Darbelerle siyaset sahnesinden uzaklaştırılan rahip geleneğinin mirasçıları yer altına inerek kendilerine yol açacak iktidarları destekleme taktiğini izlediler. 2000’li yılların başında yeniden canlanarak silahlı ve silahsız yöntemlerle iktidar savaşını başlattılar. Türkiye’de siyasal İslam’ın perde arkasındaki desteğini alarak iktidar olan AKP hükümeti iktidarının 10. yılında tarihi hasmı olan ve ERGENEKON  örgütlenmesi ile yeniden darbe girişiminde bulunmak isteyen lugalları gerileterek etkisizleştirmeyi başardı. Hükümet çevrelerinin iddialarına rağmen ben lugal geleneğinden gelenlerin tamamen bertaraf edilerek etkisizleştirildiği görüşünde değilim. Saddam ve Kaddafi rejimleri dış müdahalelerin desteği ile; Mısır’da yine dış destekli muhafazakar kesimlerin meydanlara çıkması sonucu iktidarlar el değiştirdi. Suriye’de ise Esad ailesinin cunta kökenli iktidarı direnişini sürdürüyor. Ancak bu kavganın kökleri tarihin derinliklerinden geldiği için kısa sürede sonuçlanmasını beklemek yanılgıdır.

Siyaset “Baharı” kavramına gelince; bilindiği gibi dört mevsimin en güzeli ve zinde olanı ilkbahardır. Doğa yeniden yeşererek bir gelin gibi ve rengarenk giysilerle canlıları kucaklar. Yaz, kavurucu sıcakları beraberinde getirirken; sonbahar; solgun bir dula benzer. Kış ise sert ve dondurucu soğuklarıyla yaşamı adeta felçleştirir. Onun için dört mevsimi yaşayan insanlar; demokratik, adil, insan haklarına saygılı yönetim dönemlerini bahara benzetirler. Ancak halkların mezbahasına dönüştürülen Ortadoğu coğrafyasının halkları hiçbir zaman gerçek bir siyasal baharı yaşamadılar. Son 1000-1500 yılda bölgede egemenliklerini pekiştiren Arap, Türk, Fars yönetimleri; bölge halklarına sadece dondurucu, öldürücü kış mevsimi ile; yakıcı, kavurucu yaz mevsimini yaşattılar.
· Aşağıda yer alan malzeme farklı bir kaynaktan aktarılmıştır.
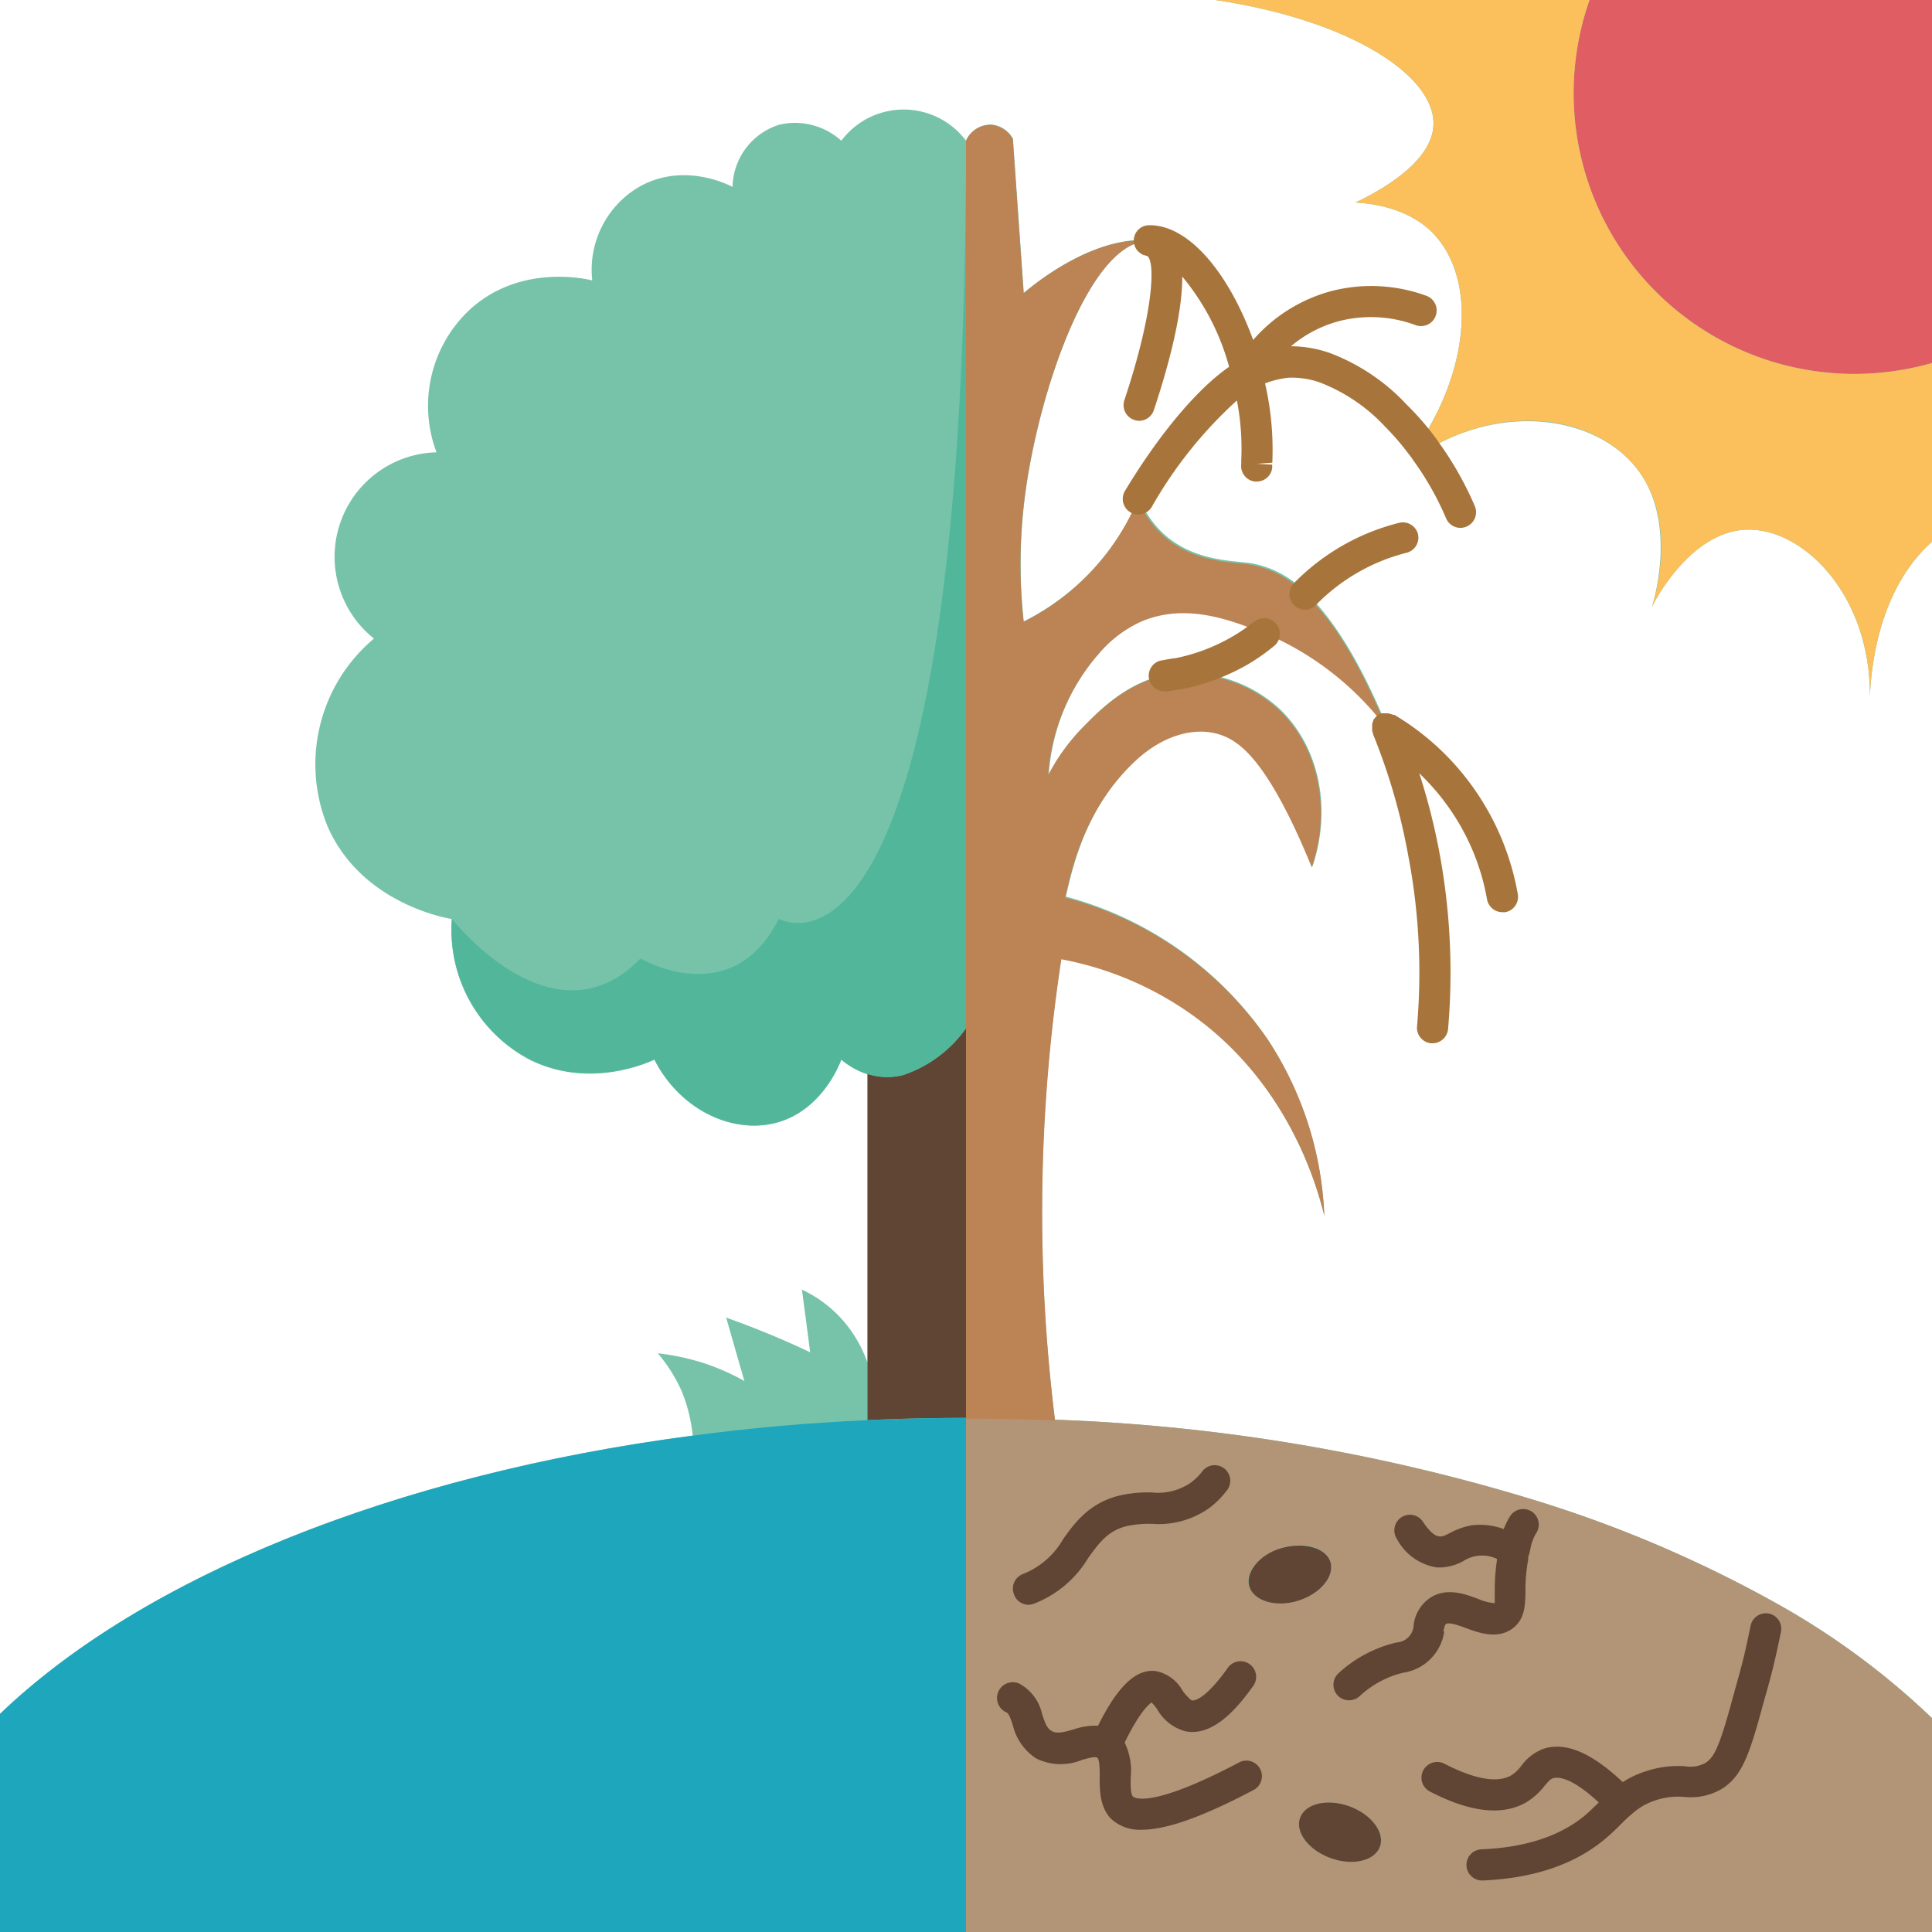 <svg xmlns="http://www.w3.org/2000/svg" xmlns:xlink="http://www.w3.org/1999/xlink" viewBox="0 0 178.5 178.5"><defs><style>.cls-1{fill:none;}.cls-2{clip-path:url(#clip-path);}.cls-3{fill:#77c3aa;}.cls-4{fill:#614534;}.cls-5{fill:#e05d63;}.cls-6{fill:#b29576;}.cls-7{fill:#fbbf5b;}.cls-8{fill:#bc8354;}.cls-9{fill:#1ea6bd;}.cls-10{fill:#52b79a;}.cls-11{fill:#a7753b;}</style><clipPath id="clip-path" transform="translate(0 0)"><rect class="cls-1" width="178.5" height="178.5"></rect></clipPath></defs><g id="Capa_2" data-name="Capa 2"><g id="Capa_1-2" data-name="Capa 1"><g class="cls-2"><path class="cls-3" d="M146.86,0H112.28c12.5,1.86,20.3,7,20.16,11.52-.12,3.7-5.62,6.43-7.2,7.19,4.39.26,6.48,2.12,7.2,2.88,3.72,3.89,3.62,11.82-1.27,19.34.17.23.36.47.53.73,7.2-4.42,15.63-3.21,19.45,1.53s1.76,12,1.47,12.89c.34-.72,3.57-6.86,8.61-7.14,5.28-.28,11.61,6,11.53,15.41.1-2.45.73-9.85,5.74-14.3V0Z" transform="translate(0 0)"></path><path class="cls-3" d="M142,138.67a171.91,171.91,0,0,0-44.54-7.5,155.46,155.46,0,0,1,.58-42.61,30.5,30.5,0,0,1,11.47,4.71c9.37,6.37,12.12,16.13,12.83,19A31.8,31.8,0,0,0,117.1,96,32.82,32.82,0,0,0,98.48,82.84c.65-2.89,1.9-8.42,6.58-12.72,3.12-2.85,6.85-3.41,9.35-1.47a1.79,1.79,0,0,1,.26.2c1.47,1.24,3.69,4.08,6.59,11.2,1.82-5.38.62-11.11-3.08-14.6a12.65,12.65,0,0,0-8.91-3.28l-.49,0h-.11a9.86,9.86,0,0,1-1,.17.08.08,0,0,1-.06,0c-3.58.8-6,3.27-7.47,4.75a18.43,18.43,0,0,0-3.24,4.45,19,19,0,0,1,4.62-11.16,11.24,11.24,0,0,1,3.89-3c3.9-1.72,7.83-.29,10.48.66.33.11.64.24,1,.36a27.54,27.54,0,0,1,11.29,8.81c-2.64-6.42-5.2-10.25-7.53-12.45a9.21,9.21,0,0,0-5.16-2.74c-1.61-.23-5.22-.17-8-2.72a9.4,9.4,0,0,1-2.27-3.3A22.26,22.26,0,0,1,94.59,57.41,49,49,0,0,1,94.68,46c1.21-9.66,6-23.76,11.47-23.76-2.52-.35-6.88.93-11.56,4.82l-1-14.25a2.57,2.57,0,0,0-1.93-1.3A2.49,2.49,0,0,0,89.25,13a7.2,7.2,0,0,0-11.52,0A6.39,6.39,0,0,0,72,11.52a6.15,6.15,0,0,0-4.32,5.75c-.23-.13-4.48-2.37-8.64,0a8.87,8.87,0,0,0-4.32,8.64c-.34-.09-6.76-1.68-11.51,2.88a12.17,12.17,0,0,0-2.88,13A9.66,9.66,0,0,0,34.55,59a15.17,15.17,0,0,0-4.32,17.27c3.09,7.19,11,8.56,11.52,8.64a13.52,13.52,0,0,0,7.19,13c5.44,2.72,10.81.33,11.52,0,2.42,4.73,7.41,7,11.52,5.76,3.94-1.2,5.54-5.19,5.75-5.76a7,7,0,0,0,2.42,1.35v26.65a11.8,11.8,0,0,0-2.69-4.37,11.52,11.52,0,0,0-3.37-2.39q.39,2.9.76,5.79c-1.25-.6-2.59-1.19-4-1.77s-2.55-1-3.76-1.44l1.68,5.86a21.15,21.15,0,0,0-4-1.73,22.43,22.43,0,0,0-4-.83A14.24,14.24,0,0,1,63,128.58,14.53,14.53,0,0,1,64,132.64c-27.65,3.62-50.89,13.11-64,25.71V178.5H178.5V158.74a70.09,70.09,0,0,0-14.8-10.84A114.93,114.93,0,0,0,142,138.67Z" transform="translate(0 0)"></path><path class="cls-4" d="M89.25,95v36q-4.6,0-9.1.21v-32a5.83,5.83,0,0,0,3.34.09A11.65,11.65,0,0,0,89.25,95Z" transform="translate(0 0)"></path><path class="cls-5" d="M178.5,0V33.54a26.36,26.36,0,0,1-7.2,1A25.94,25.94,0,0,1,146.86,0Z" transform="translate(0 0)"></path><path class="cls-6" d="M119.91,147.9c2.07-.64,3.41-2.25,3-3.59s-2.43-1.93-4.49-1.29-3.43,2.23-3,3.57S117.84,148.51,119.91,147.9Zm7.59,22.7c.47-1.33-.81-3-2.84-3.72s-4.07-.24-4.55,1.08.79,3,2.84,3.72S127,171.92,127.5,170.6ZM89.25,158.35V131c2.78,0,5.51.05,8.23.17a171.91,171.91,0,0,1,44.54,7.5,114.93,114.93,0,0,1,21.68,9.23,70.09,70.09,0,0,1,14.8,10.84V178.5H89.25Z" transform="translate(0 0)"></path><path class="cls-7" d="M178.5,33.54V50.05c-5,4.45-5.64,11.85-5.74,14.3.08-9.43-6.25-15.69-11.53-15.41-5,.28-8.27,6.42-8.61,7.14.29-.89,2.47-8-1.47-12.89s-12.25-5.95-19.45-1.53c-.17-.26-.36-.5-.53-.73,4.89-7.52,5-15.45,1.27-19.34-.72-.76-2.81-2.62-7.2-2.88,1.58-.76,7.08-3.49,7.2-7.19C132.58,7,124.78,1.86,112.28,0h34.58A25.94,25.94,0,0,0,171.3,34.55,26.36,26.36,0,0,0,178.5,33.54Z" transform="translate(0 0)"></path><path class="cls-4" d="M124.66,166.88c2,.72,3.31,2.39,2.84,3.72s-2.52,1.81-4.55,1.08-3.31-2.39-2.84-3.72S122.62,166.15,124.66,166.88Z" transform="translate(0 0)"></path><path class="cls-8" d="M128.12,67.3a27.54,27.54,0,0,0-11.29-8.81c-.32-.12-.63-.25-1-.36-2.65-1-6.58-2.38-10.48-.66a11.24,11.24,0,0,0-3.89,3,19,19,0,0,0-4.62,11.16,18.43,18.43,0,0,1,3.24-4.45c1.45-1.48,3.89-4,7.47-4.75a.08.08,0,0,0,.06,0,9.86,9.86,0,0,0,1-.17h.11l.49,0a12.65,12.65,0,0,1,8.91,3.28c3.7,3.49,4.9,9.22,3.08,14.6-2.9-7.12-5.12-10-6.59-11.2a1.79,1.79,0,0,0-.26-.2c-2.5-1.94-6.23-1.38-9.35,1.47-4.68,4.3-5.93,9.83-6.58,12.72A32.82,32.82,0,0,1,117.1,96a31.8,31.8,0,0,1,5.26,16.34c-.71-2.91-3.46-12.67-12.83-19a30.5,30.5,0,0,0-11.47-4.71,155.46,155.46,0,0,0-.58,42.61c-2.72-.12-5.45-.17-8.23-.17V13a2.49,2.49,0,0,1,2.39-1.46,2.57,2.57,0,0,1,1.93,1.3l1,14.25c4.68-3.89,9-5.17,11.56-4.82-5.48,0-10.26,14.1-11.47,23.76a49,49,0,0,0-.09,11.42,22.26,22.26,0,0,0,10.57-11.32,9.4,9.4,0,0,0,2.27,3.3c2.78,2.55,6.39,2.49,8,2.72a9.21,9.21,0,0,1,5.16,2.74C122.92,57.05,125.48,60.88,128.12,67.3Z" transform="translate(0 0)"></path><path class="cls-4" d="M122.92,144.31c.4,1.34-.94,2.95-3,3.59s-4.09,0-4.49-1.31.94-3,3-3.57S122.5,143,122.92,144.31Z" transform="translate(0 0)"></path><path class="cls-9" d="M80.15,131.21q4.5-.21,9.1-.21v47.5H0V158.35c13.14-12.6,36.38-22.09,64-25.71Q71.88,131.58,80.15,131.21Z" transform="translate(0 0)"></path><path class="cls-10" d="M89.25,95a11.65,11.65,0,0,1-5.76,4.32,5.83,5.83,0,0,1-3.34-.09,7,7,0,0,1-2.42-1.35c-.21.57-1.81,4.56-5.75,5.76-4.11,1.25-9.1-1-11.52-5.76-.71.33-6.08,2.72-11.52,0a13.52,13.52,0,0,1-7.19-13s9.35,12,17.43,3.67c0,0,8.45,5,12.77-3.67,0,0,17.3,10.08,17.3-72Z" transform="translate(0 0)"></path><path class="cls-4" d="M95,148.27a1.6,1.6,0,0,0,.47-.08,10.06,10.06,0,0,0,5.06-4.23c1-1.39,1.8-2.49,3.48-2.94a9.79,9.79,0,0,1,2.42-.23,8.09,8.09,0,0,0,5.27-1.44,8.39,8.39,0,0,0,1.73-1.75,1.44,1.44,0,0,0-2.32-1.7A5.29,5.29,0,0,1,110,137a5.35,5.35,0,0,1-3.57.89,11.62,11.62,0,0,0-3.14.32c-2.68.71-4,2.48-5.07,4a7.4,7.4,0,0,1-3.67,3.2,1.44,1.44,0,0,0-.89,1.83A1.43,1.43,0,0,0,95,148.27Z" transform="translate(0 0)"></path><path class="cls-4" d="M114.49,162.83c-8.41,4.44-9.76,3.21-9.82,3.15-.23-.24-.21-1.13-.2-1.77a6,6,0,0,0-.56-3.21c1.59-3.27,2.48-3.67,2.48-3.71a4.24,4.24,0,0,1,.54.66,4.26,4.26,0,0,0,2.57,2c2.59.53,4.83-2.14,6.29-4.19a1.44,1.44,0,0,0-2.35-1.67c-2.25,3.17-3.26,3.06-3.36,3s-.54-.48-.81-.87a3.63,3.63,0,0,0-2.5-1.83c-1.83-.2-3.49,1.38-5.32,5.05a6.28,6.28,0,0,0-2.28.35c-.93.26-1.53.41-2,.14s-.61-.75-.88-1.53a4.22,4.22,0,0,0-2.14-2.86A1.44,1.44,0,1,0,93,158.22c.21.1.36.52.57,1.15a5.08,5.08,0,0,0,2.17,3.1,5.14,5.14,0,0,0,4.23.13c.57-.16,1.21-.34,1.41-.2s.24,1.09.22,1.75c0,1.22,0,2.74,1,3.84a3.86,3.86,0,0,0,2.89,1.06c2.31,0,5.67-1.21,10.33-3.67a1.44,1.44,0,1,0-1.34-2.55Z" transform="translate(0 0)"></path><path class="cls-4" d="M133.35,150.73c.11-.45.16-.62.24-.68.3-.2,1.23.14,1.9.39,1.26.46,2.83,1,4.2.06,1.22-.87,1.23-2.21,1.25-3.52a14.75,14.75,0,0,1,.25-2.86l0-.19c0-.07,0-.14.09-.32l.1-.42a4.32,4.32,0,0,1,.63-1.67,1.44,1.44,0,0,0-2.49-1.44,7.17,7.17,0,0,0-.59,1.19,6.3,6.3,0,0,0-3-.34,6.94,6.94,0,0,0-2,.72c-.49.25-.66.33-.91.3-.45,0-1-.51-1.55-1.35a1.44,1.44,0,0,0-2.41,1.58,5.05,5.05,0,0,0,3.7,2.64l.35,0a4.62,4.62,0,0,0,2.12-.61,3.17,3.17,0,0,1,3.09-.17,18.65,18.65,0,0,0-.22,2.88c0,.47,0,1.1,0,1.2a4.68,4.68,0,0,1-1.56-.41c-1.26-.46-3-1.1-4.53,0a3.56,3.56,0,0,0-1.4,2.4,1.67,1.67,0,0,1-1.57,1.64,11.24,11.24,0,0,0-1.94.63,11.82,11.82,0,0,0-3.45,2.23,1.44,1.44,0,0,0-.09,2,1.4,1.4,0,0,0,1.06.48,1.45,1.45,0,0,0,1-.38,9.08,9.08,0,0,1,2.64-1.71,7.41,7.41,0,0,1,1.48-.47,4.5,4.5,0,0,0,3.7-3.81Z" transform="translate(0 0)"></path><path class="cls-4" d="M163.44,149.08a1.45,1.45,0,0,0-1.7,1.12c-.59,2.9-.87,3.87-1.28,5.32l-.38,1.38c-1.23,4.56-1.72,5.49-2.55,6a2.85,2.85,0,0,1-1.8.29,9.32,9.32,0,0,0-3.67.46,8.77,8.77,0,0,0-2.13,1c-2.91-2.74-5.33-3.76-7.37-3.06a4.5,4.5,0,0,0-2,1.55,3.44,3.44,0,0,1-.94.89c-1.6.92-4.22-.07-6.13-1.06a1.46,1.46,0,0,0-2,.61,1.44,1.44,0,0,0,.62,1.94c3.71,1.93,6.7,2.27,8.9,1a6.29,6.29,0,0,0,1.71-1.54c.37-.43.51-.59.75-.68.44-.14,1.67-.16,4.24,2.23-.4.39-.81.8-1.29,1.21-2.29,1.9-5.49,2.95-9.52,3.12a1.44,1.44,0,0,0,.06,2.88H137c4.68-.2,8.46-1.48,11.24-3.79.57-.47,1.05-.94,1.51-1.4s.63-.63,1-.93a6,6,0,0,1,2.22-1.29,6.54,6.54,0,0,1,2.65-.31,5.65,5.65,0,0,0,3.37-.69c1.93-1.15,2.62-3.13,3.86-7.71l.38-1.35c.42-1.52.71-2.53,1.32-5.53A1.44,1.44,0,0,0,163.44,149.08Z" transform="translate(0 0)"></path><path class="cls-11" d="M121.9,35.32A16.15,16.15,0,0,1,128,39.45a23.05,23.05,0,0,1,2.09,2.42,6.7,6.7,0,0,1,.47.64,27.23,27.23,0,0,1,3.05,5.39,1.44,1.44,0,0,0,1.32.87,1.46,1.46,0,0,0,.57-.12,1.44,1.44,0,0,0,.76-1.89,30.7,30.7,0,0,0-3.34-5.9c-.17-.26-.35-.5-.59-.81A25.24,25.24,0,0,0,130,37.42a18.75,18.75,0,0,0-7.2-4.83,11.13,11.13,0,0,0-3.52-.6,11.39,11.39,0,0,1,4.51-2.34,11.86,11.86,0,0,1,7,.39,1.44,1.44,0,1,0,1-2.71,14.81,14.81,0,0,0-8.66-.47,14.57,14.57,0,0,0-7.35,4.55c-2-5.52-5.51-10.41-9.36-10.6h-.24a1.42,1.42,0,0,0-1.43,1.43,1.31,1.31,0,0,0,.12.56h0a1.34,1.34,0,0,0,.28.42,1.27,1.27,0,0,0,.13.11,2.11,2.11,0,0,0,.29.2,1.66,1.66,0,0,0,.21.06,1,1,0,0,0,.23.07c.74.57.58,5.19-2.13,13.32a1.44,1.44,0,0,0,.92,1.82,1.38,1.38,0,0,0,.45.08,1.44,1.44,0,0,0,1.36-1c1.33-4,2.64-8.85,2.62-12.33a22.12,22.12,0,0,1,4.33,8.34c-2.9,2-6.42,6.15-9.62,11.46a1.44,1.44,0,0,0,2.47,1.49A39.65,39.65,0,0,1,114.28,37a23.29,23.29,0,0,1,.4,5.52l0,.37a1.44,1.44,0,0,0,1.26,1.6h.17a1.43,1.43,0,0,0,1.43-1.27l0-.29-1.44-.08,1.45-.1a27.35,27.35,0,0,0-.67-7.33,9,9,0,0,1,2.13-.52A7.84,7.84,0,0,1,121.9,35.32Z" transform="translate(0 0)"></path><path class="cls-11" d="M131,49.31a1.44,1.44,0,0,0-1.75-1,20.52,20.52,0,0,0-9.68,5.55,1.44,1.44,0,0,0,1,2.47,1.39,1.39,0,0,0,1-.42A17.77,17.77,0,0,1,130,51.06,1.44,1.44,0,0,0,131,49.31Z" transform="translate(0 0)"></path><path class="cls-11" d="M115.91,57.38a14.46,14.46,0,0,1-2.06,1.44,17.1,17.1,0,0,1-5.3,2h-.06c-.39.05-.78.12-1.15.2h-.06a1.44,1.44,0,0,0,.31,2.85,1.1,1.1,0,0,0,.31,0,9.86,9.86,0,0,0,1-.17l.14,0h0a20,20,0,0,0,6.24-2.31,18.73,18.73,0,0,0,2.45-1.72,1.44,1.44,0,1,0-1.84-2.22Z" transform="translate(0 0)"></path><path class="cls-11" d="M136.51,73.34a24,24,0,0,0-7.67-7.29.32.32,0,0,1-.09,0l-.27-.09a1.28,1.28,0,0,0-.27-.05,1.14,1.14,0,0,0-.26,0,1.26,1.26,0,0,0-.28,0l-.1,0a.78.78,0,0,0-.15.1,1.82,1.82,0,0,0-.23.15,1.43,1.43,0,0,0-.2.23s-.08.07-.11.12a.32.32,0,0,0,0,.09,1.42,1.42,0,0,0-.1.29,1.11,1.11,0,0,0,0,.25,1.22,1.22,0,0,0,0,.27c0,.1,0,.19.06.29s0,.06,0,.09A56.38,56.38,0,0,1,130.1,79a57.47,57.47,0,0,1,.82,15.83,1.44,1.44,0,0,0,1.31,1.56h.12a1.45,1.45,0,0,0,1.44-1.32,60.44,60.44,0,0,0-.86-16.62,59.39,59.39,0,0,0-1.8-7,21.23,21.23,0,0,1,3,3.56,21,21,0,0,1,3.26,8.09,1.45,1.45,0,0,0,1.42,1.18l.26,0a1.44,1.44,0,0,0,1.16-1.68A24.18,24.18,0,0,0,136.51,73.34Z" transform="translate(0 0)"></path></g></g></g></svg>

Bölge halklarının Türk, Fars, Arap egemenlik alanlarında baharı yaşadıklarına tarih tanık olmamıştır. Kürtler ise, adı geçen yönetimlerin yarattıkları cehennemin “zemheri” denilen en soğuk, yine cehennemin en sıcak ve en derin kuyularında yaşamaya mahkum edildiler. Bahar tanımı sadece bu iki elit gurubun iktidar nimetlerinden yararlananlar için geçerli olmuştur. Lugalların dondurucu kışında, rahip geleneğinden gelenler buzlu dolaplara atılırken; kavurucu, beyin kaynatan rahip iktidarının yazında da; muhalif lugaller fırınlarda kavrulmaya terk edilmişlerdir. Zaten çok kanlı bir geleneğe sahip olan bu iki elit guruptan biri iktidara gelince; mezbahaya gönderilmekten kurtulan hasımlarını da fırın ve buzhanelerde tutmayı temel politika olarak sürdürdüler. Bundan ne peygamber torunları, ne sadrazam ve vezirler, ne şehzade ve beyzadeler ne de başbakanlar kurtulmuştur.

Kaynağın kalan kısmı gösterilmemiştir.